● **The input**:
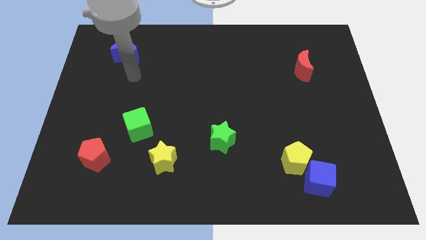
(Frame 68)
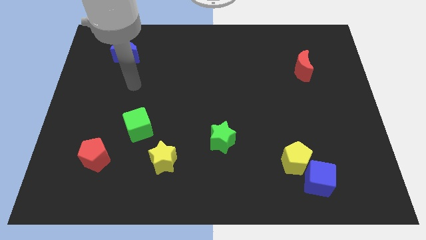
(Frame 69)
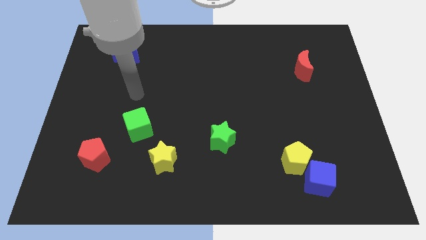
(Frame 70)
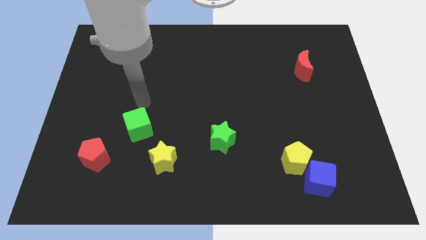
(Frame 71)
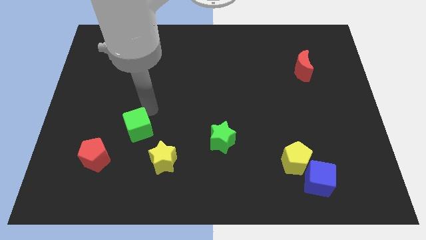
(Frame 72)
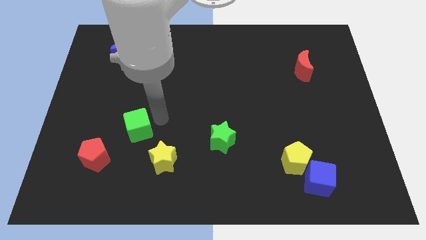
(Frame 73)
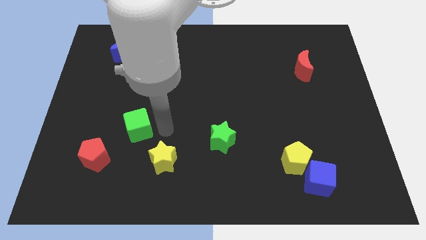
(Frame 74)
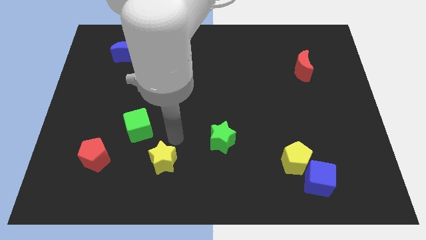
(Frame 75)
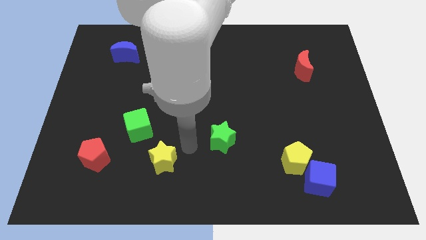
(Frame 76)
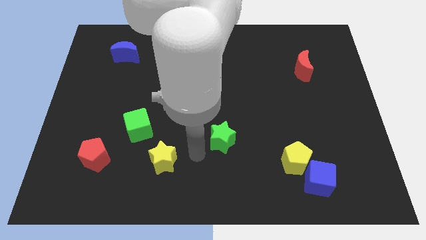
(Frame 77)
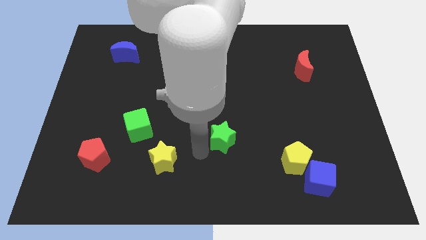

● **Exercise directions**:
Go back to the records above and write them out exactly, without the pictures.

● **Response below**:
(Frame 68)
(Frame 69)
(Frame 70)
(Frame 71)
(Frame 72)
(Frame 73)
(Frame 74)
(Frame 75)
(Frame 76)
(Frame 77)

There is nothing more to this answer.